Stored items from a collection
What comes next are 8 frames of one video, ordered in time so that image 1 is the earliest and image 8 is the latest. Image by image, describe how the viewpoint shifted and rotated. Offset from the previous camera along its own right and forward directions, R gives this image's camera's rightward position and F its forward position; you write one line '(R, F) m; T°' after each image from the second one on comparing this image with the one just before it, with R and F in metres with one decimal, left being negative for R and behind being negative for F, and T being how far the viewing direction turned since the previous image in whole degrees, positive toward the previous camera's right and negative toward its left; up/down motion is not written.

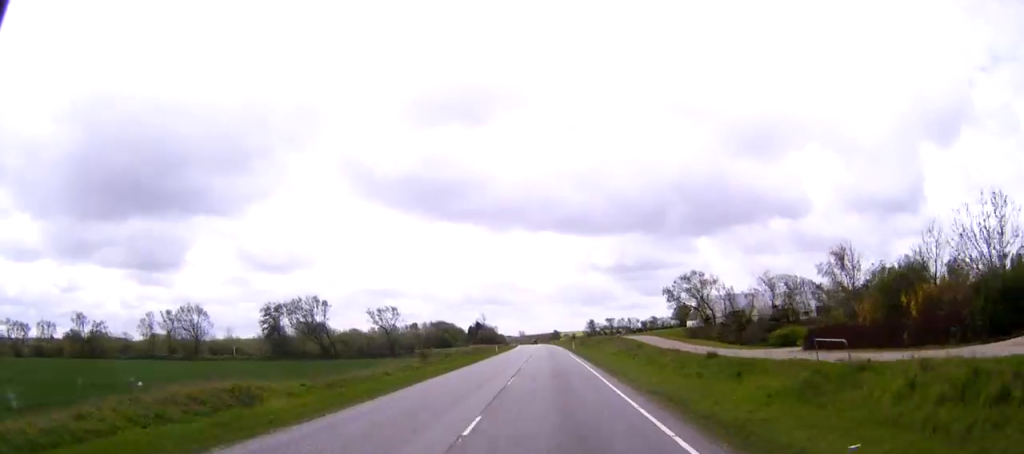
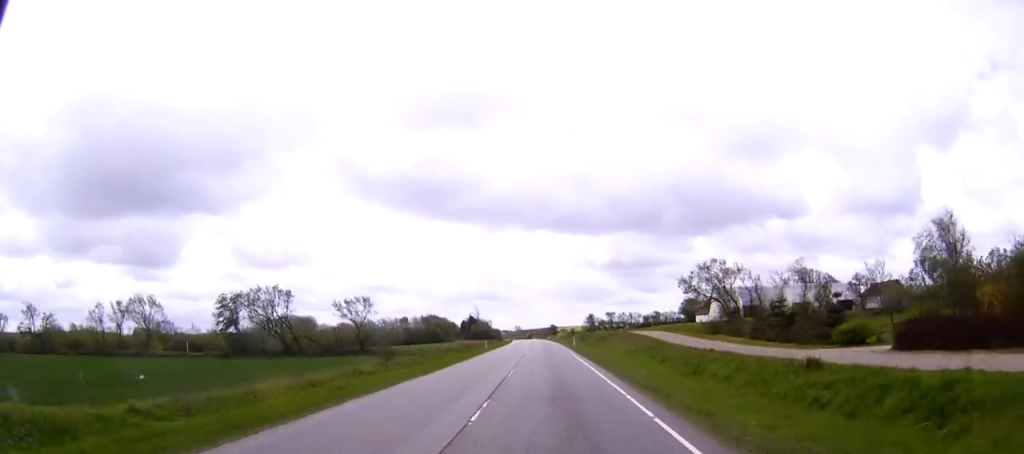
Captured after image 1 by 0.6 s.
(0.0, +13.0) m; 0°
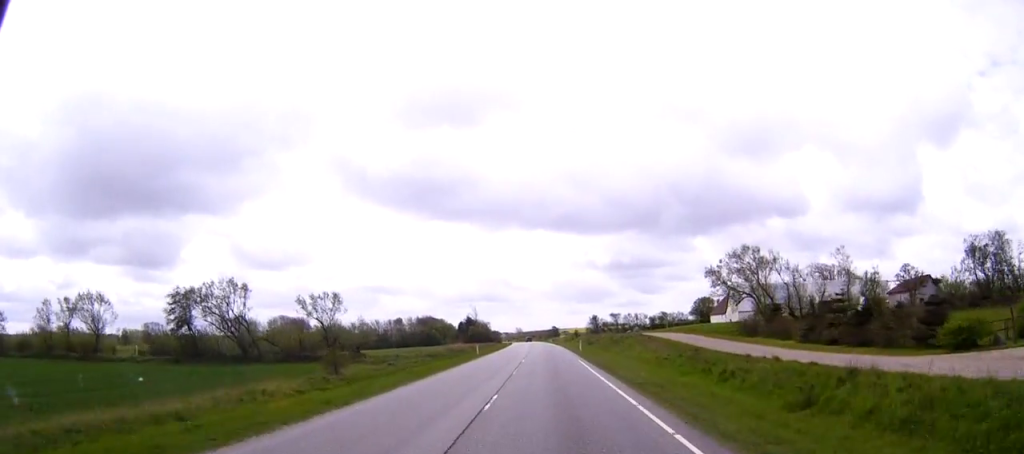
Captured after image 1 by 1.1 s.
(0.0, +12.3) m; 0°
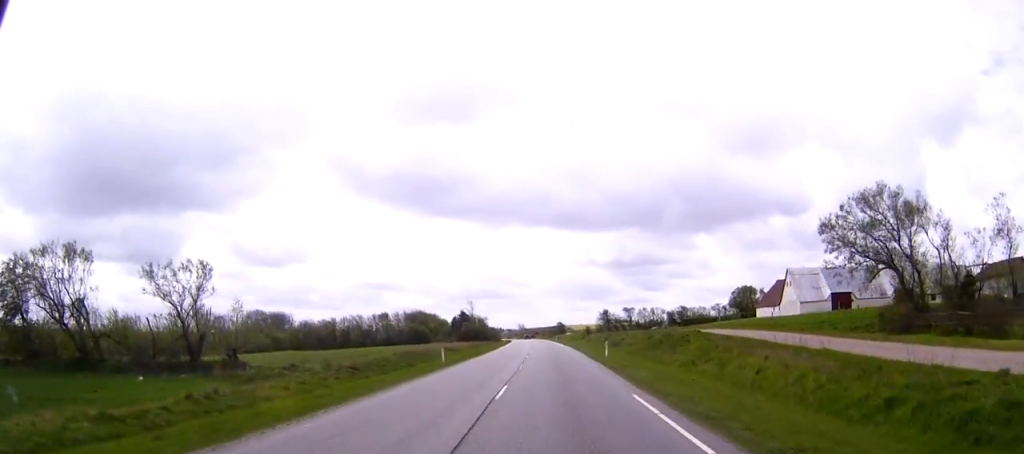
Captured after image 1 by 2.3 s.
(0.0, +27.6) m; 0°
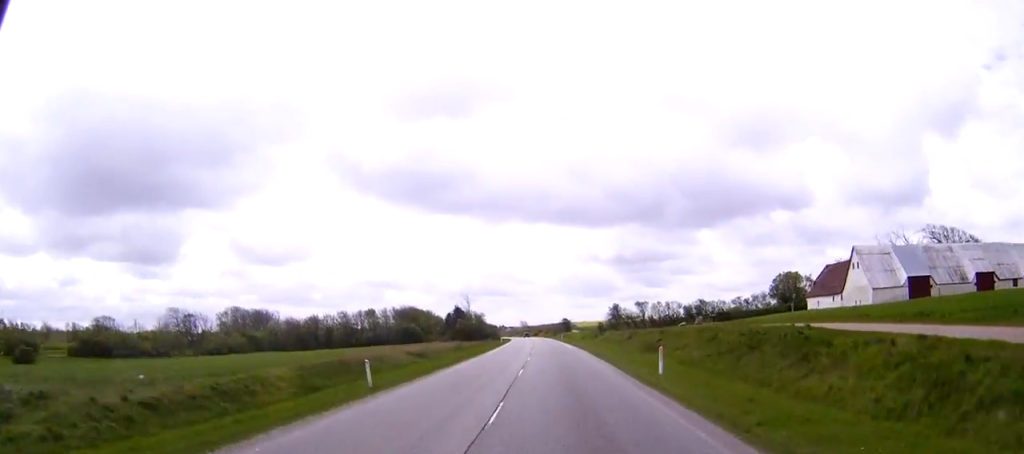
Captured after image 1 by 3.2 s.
(0.0, +20.7) m; 0°
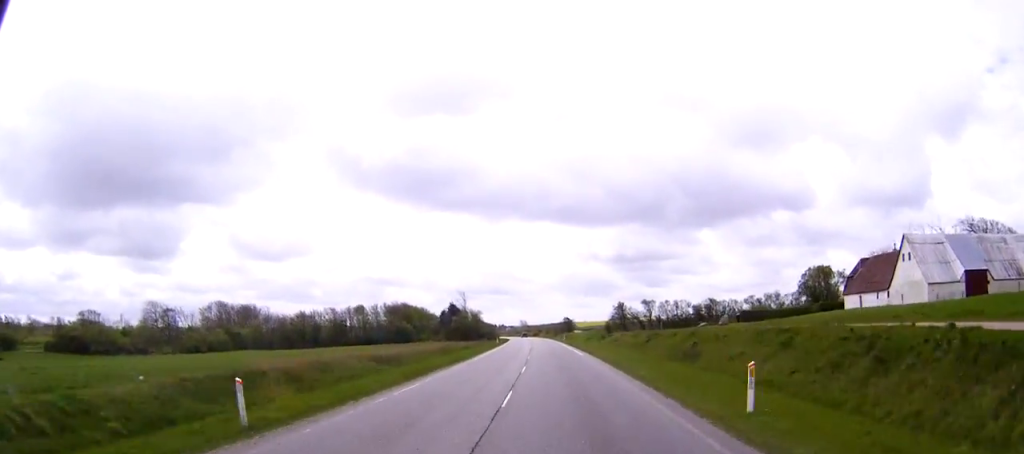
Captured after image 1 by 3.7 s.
(0.0, +11.5) m; 0°
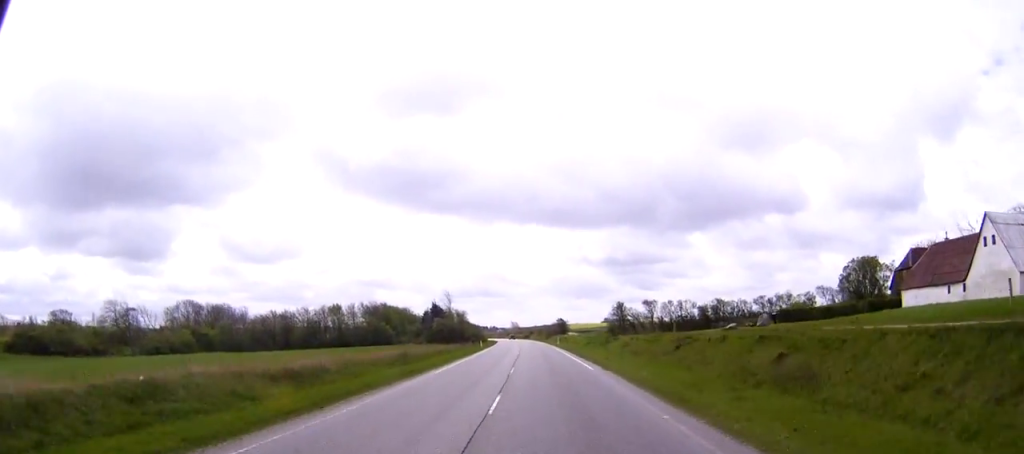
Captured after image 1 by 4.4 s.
(0.0, +15.3) m; 0°
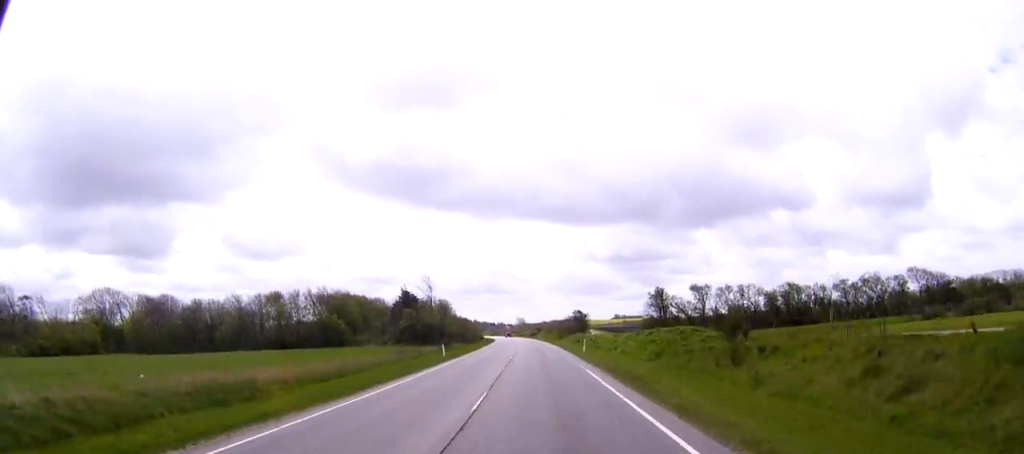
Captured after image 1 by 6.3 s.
(-0.1, +44.5) m; -1°

WHAT NEEDS TO BE DONE →
Print, please, exactly the lines from the one holding "Captured after image 1 by 3.7 s." through the final line of the data, both included, while leaving out each picture.

ANSWER →
Captured after image 1 by 3.7 s.
(0.0, +11.5) m; 0°
Captured after image 1 by 4.4 s.
(0.0, +15.3) m; 0°
Captured after image 1 by 6.3 s.
(-0.1, +44.5) m; -1°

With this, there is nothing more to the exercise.